Oak Harbor to grow by 40 homes

A large residential development near the Whidbey Golf and Country Club received its final go ahead this week when the Oak Harbor City Council approved the project’s final plat.

A large residential development near the Whidbey Golf and Country Club received its final go ahead this week when the Oak Harbor City Council approved the project’s final plat.

Known as Division 4, the 40-home neighborhood is located off SW Ft. Nugent Avenue and is the just one phase of the larger 180-home residential development, Fairway Point. The council’s decision was the last bit of red tape Burlington-based Landed Gentry Homes and Communities needed to clear before it could begin applying for building permits.

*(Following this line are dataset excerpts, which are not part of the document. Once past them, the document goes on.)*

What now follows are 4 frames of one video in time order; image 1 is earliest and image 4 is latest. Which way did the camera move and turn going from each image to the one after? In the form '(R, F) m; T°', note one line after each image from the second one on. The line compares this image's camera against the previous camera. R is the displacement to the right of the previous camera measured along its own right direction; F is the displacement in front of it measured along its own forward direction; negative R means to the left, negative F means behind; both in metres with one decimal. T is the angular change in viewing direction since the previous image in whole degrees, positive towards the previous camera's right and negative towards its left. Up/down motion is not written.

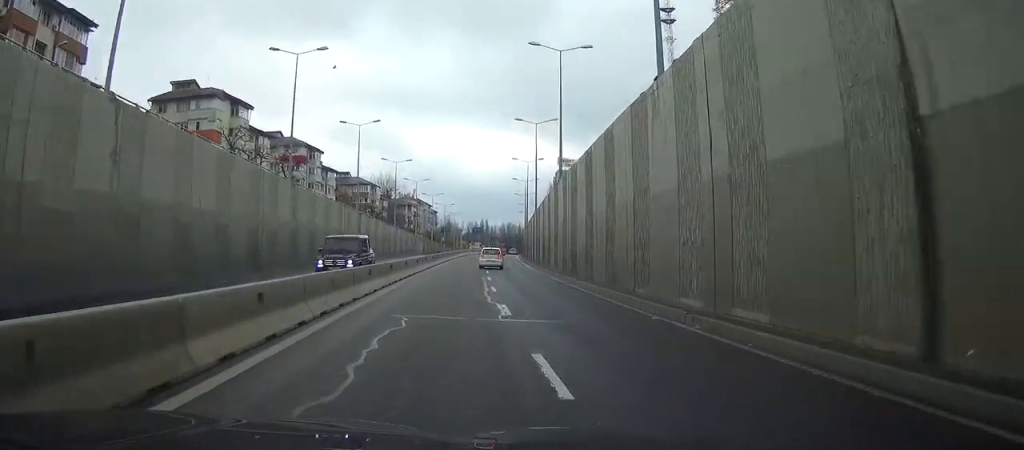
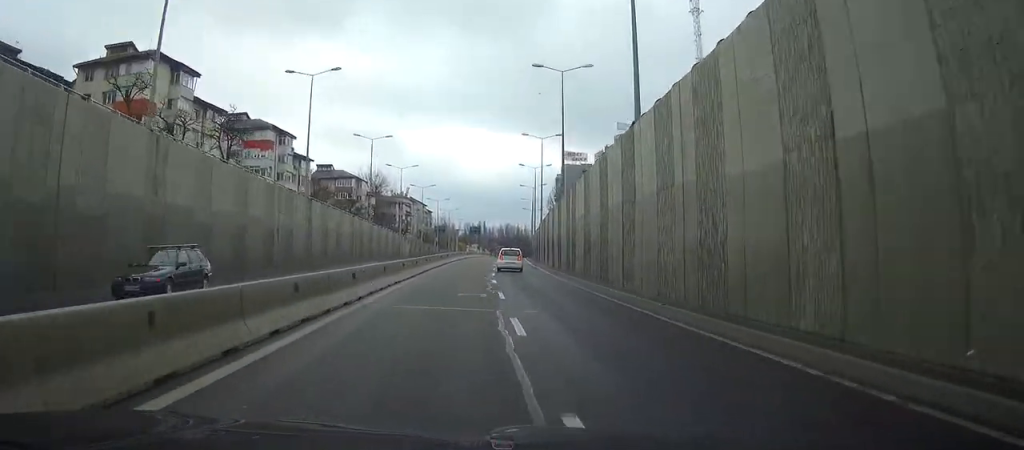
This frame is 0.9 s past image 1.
(0.0, +22.0) m; 0°
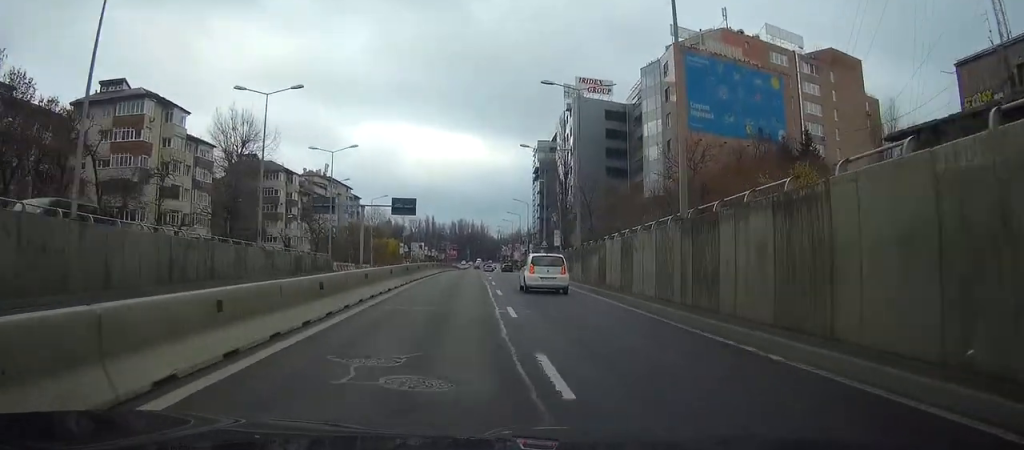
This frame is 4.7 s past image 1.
(+2.6, +96.3) m; +4°
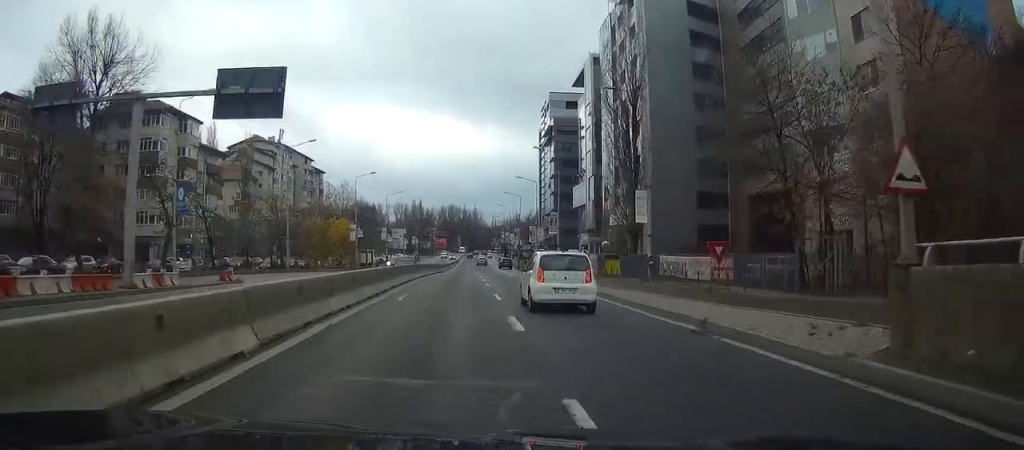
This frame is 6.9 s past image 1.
(+0.7, +50.9) m; +1°

City Senior Planner Cac Kamac said the project is not overly large for residential developments in the city over the past 10 years Redwing, Fireside, and Cherry Hill each yielded between 111 and 226 homes ‚ but it’s by no means small. If each single family home is occupied by an average of 2.5 people, as many as 450 people will live in the fully developed community.

The entire project received preliminary approval in 2006, and phases one and two, including about 100 homes, have been completed over the past four years. According Landed Gentry President Brian Gentry, phase four would have gone before the council nearly a year ago but was stalled due to the economy.

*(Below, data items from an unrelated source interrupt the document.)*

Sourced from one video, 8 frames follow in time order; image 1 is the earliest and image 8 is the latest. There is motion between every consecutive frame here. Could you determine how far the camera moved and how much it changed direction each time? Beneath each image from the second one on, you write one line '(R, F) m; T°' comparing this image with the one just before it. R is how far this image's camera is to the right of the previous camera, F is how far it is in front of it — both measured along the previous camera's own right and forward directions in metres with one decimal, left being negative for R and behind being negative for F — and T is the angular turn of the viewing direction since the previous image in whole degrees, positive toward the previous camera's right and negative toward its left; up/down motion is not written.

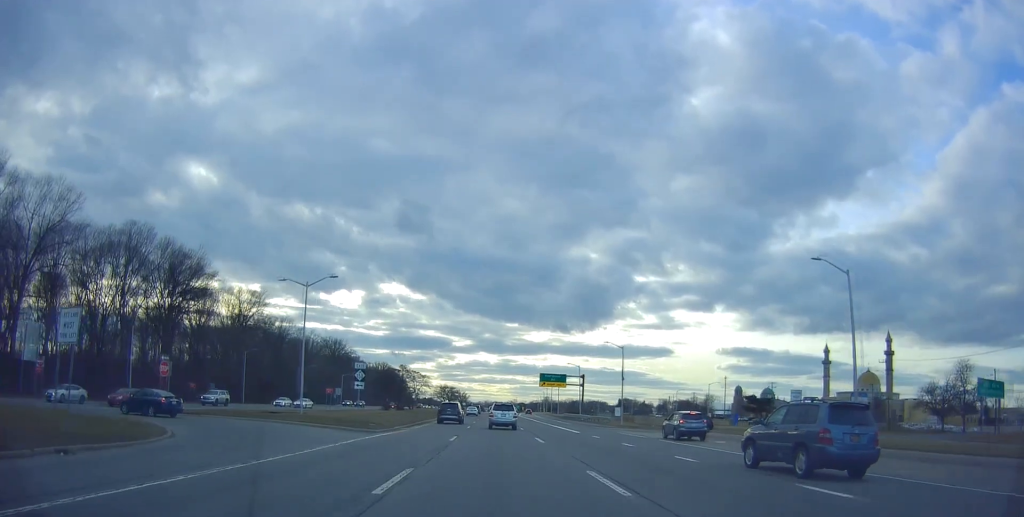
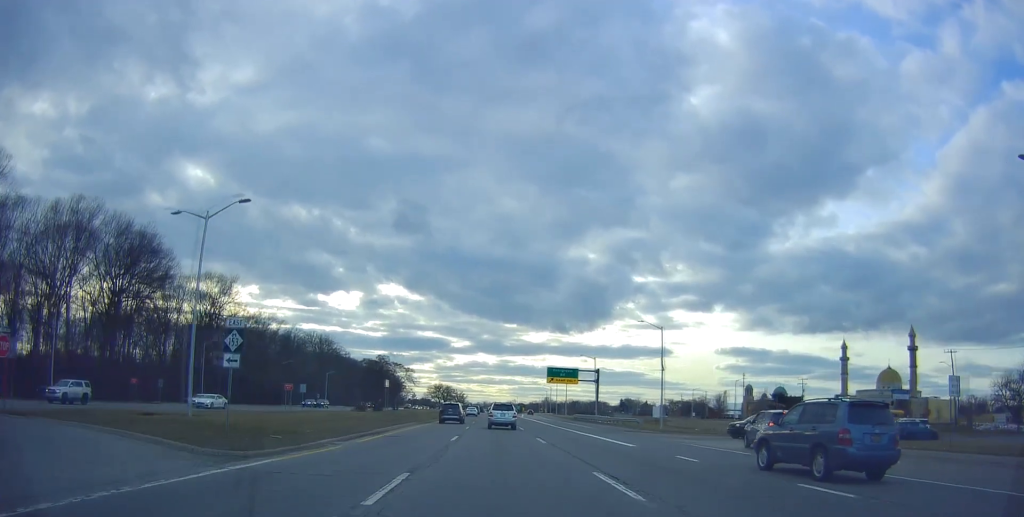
(0.0, +15.7) m; -1°
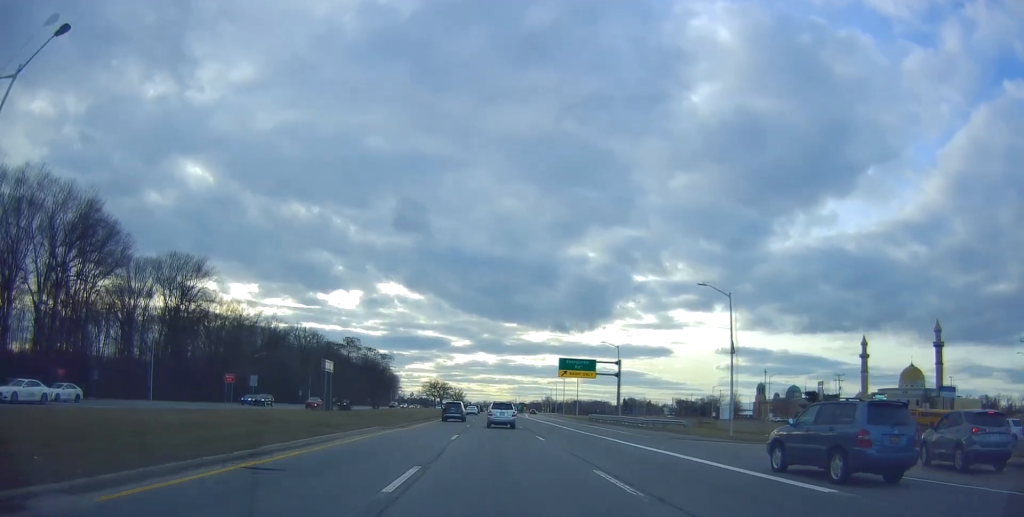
(0.0, +15.0) m; -1°
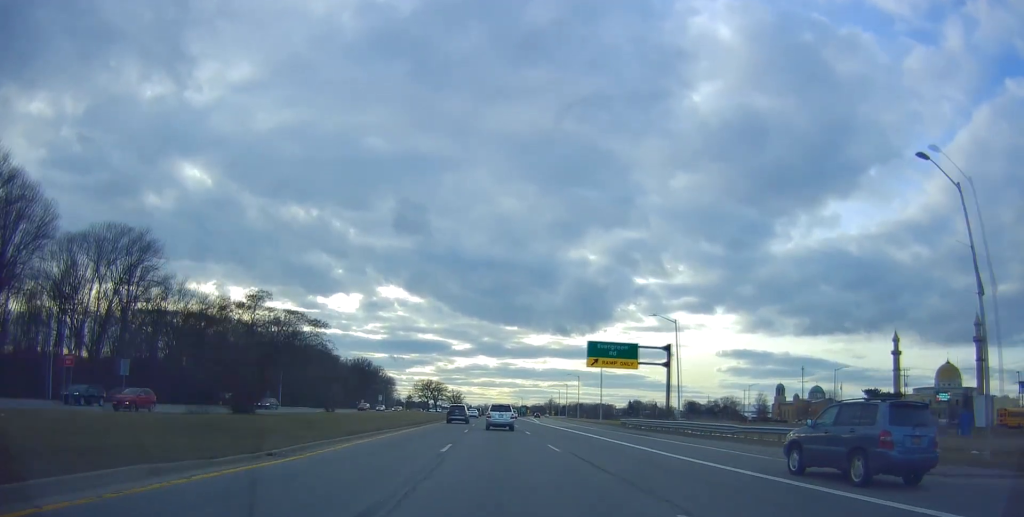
(-0.5, +21.4) m; 0°
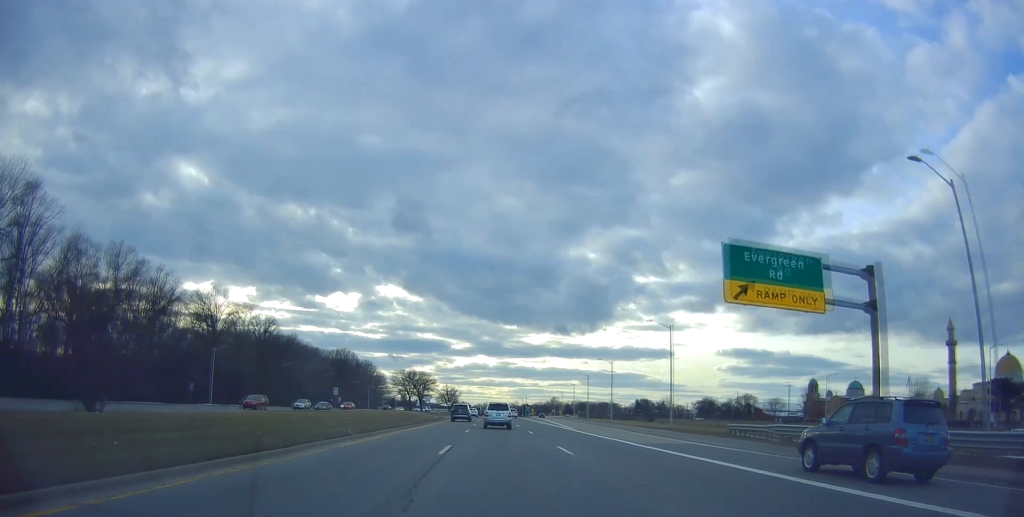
(+0.2, +32.9) m; 0°
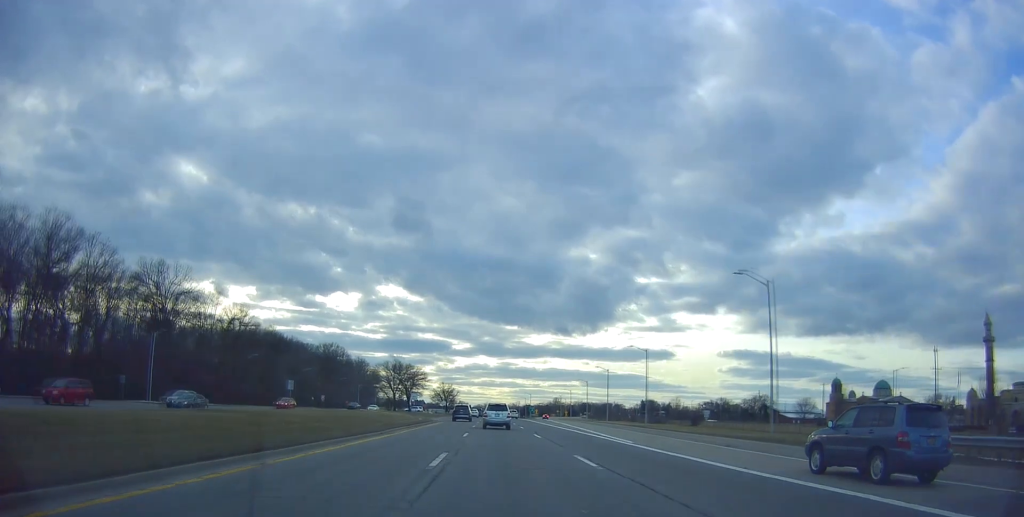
(+0.1, +19.3) m; 0°
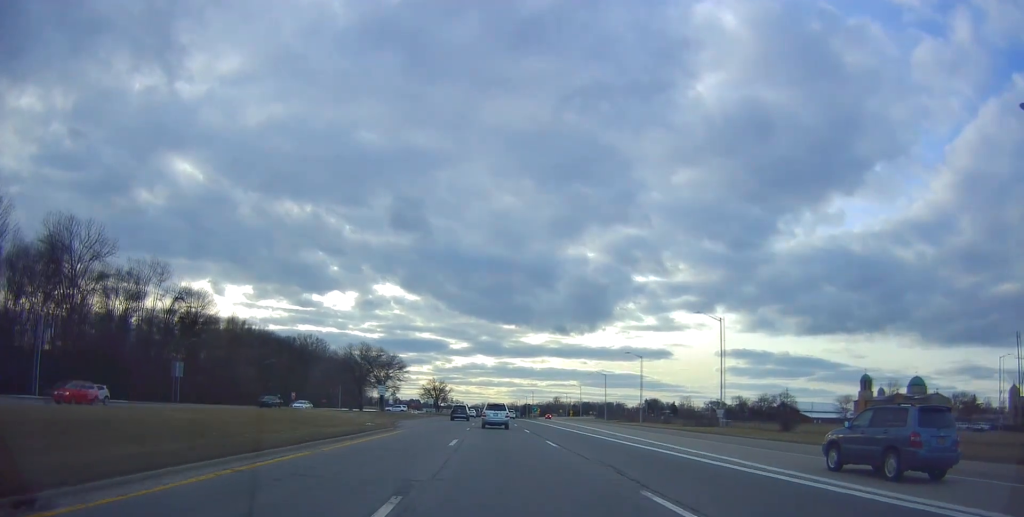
(-0.1, +23.5) m; 0°
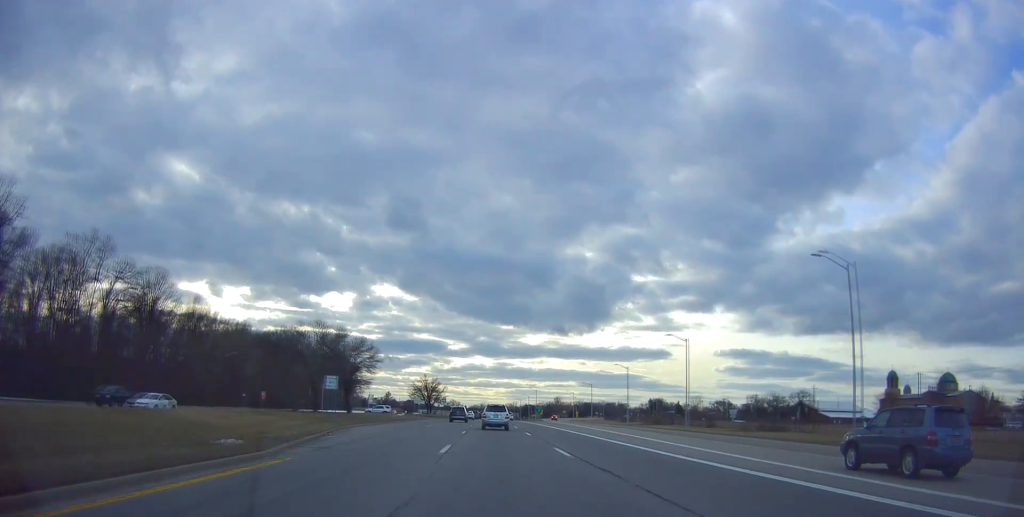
(+0.1, +18.6) m; 0°

Gentry said he is hoping phase three, also a 40-home development, will be ready for final plat approval within two years but it also depends on the economy.

“It all depends on the market,” he said.

Landed Gentry, which is acting as the developer, builder, and seller for the project, built the homes to appeal to a wide demographic, from active military to retirees. They range in price from about $250,000 to $450,000, Gentry said.

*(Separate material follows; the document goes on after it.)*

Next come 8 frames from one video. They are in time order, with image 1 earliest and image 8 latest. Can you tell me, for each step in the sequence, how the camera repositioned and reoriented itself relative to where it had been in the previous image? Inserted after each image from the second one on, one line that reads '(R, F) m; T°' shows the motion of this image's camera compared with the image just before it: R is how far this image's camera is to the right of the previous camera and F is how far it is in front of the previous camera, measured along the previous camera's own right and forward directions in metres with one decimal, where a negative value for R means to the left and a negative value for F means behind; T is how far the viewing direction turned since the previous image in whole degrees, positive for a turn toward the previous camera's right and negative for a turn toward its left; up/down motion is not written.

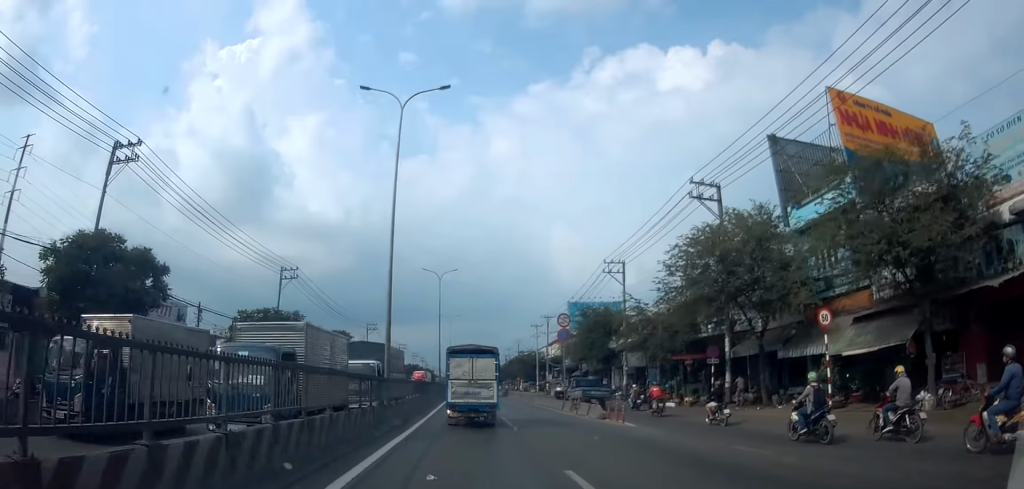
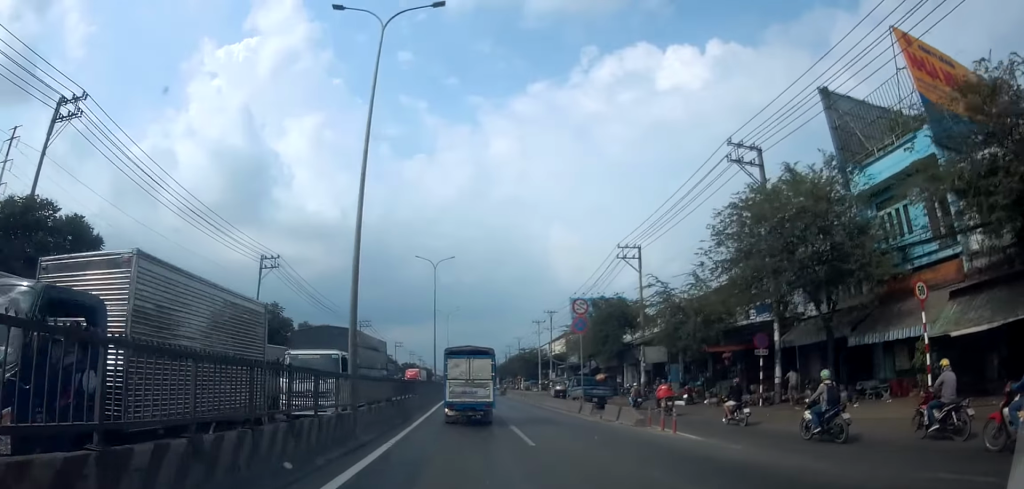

Once all the homes are built and occupied, that could translate into hefty revenues for the city. Using the 2010 tax rate of $2.04 per $1,000 of assessed value, if all the homes in the development were valued at just $250,000 the city would receive up to $91,800 a year. If all the homes were valued at $350,000, that number would increase to $128,520 a year.

City Finance Director Doug Merriman said it’s not as good as it sounds, however. While all cities get revenue from new development in the form of fees and future property taxes, it is widely debated whether they equal the cost of infrastructure and other city services. It may also be inaccurate to assume the new community would benefit local businesses and bolster sales tax revenue as they don’t always translate to new or more city residents.

According to Merriman, some people may just be moving from one house to another and homes can be left vacant or even rented out to temporary city residents. Although these issues have been widely studied the results are alway inconclusive, and that makes the true economic impact of growth on municipalities nearly impossible to discern.

“That’s one of the big mysteries of development,” Merriman said.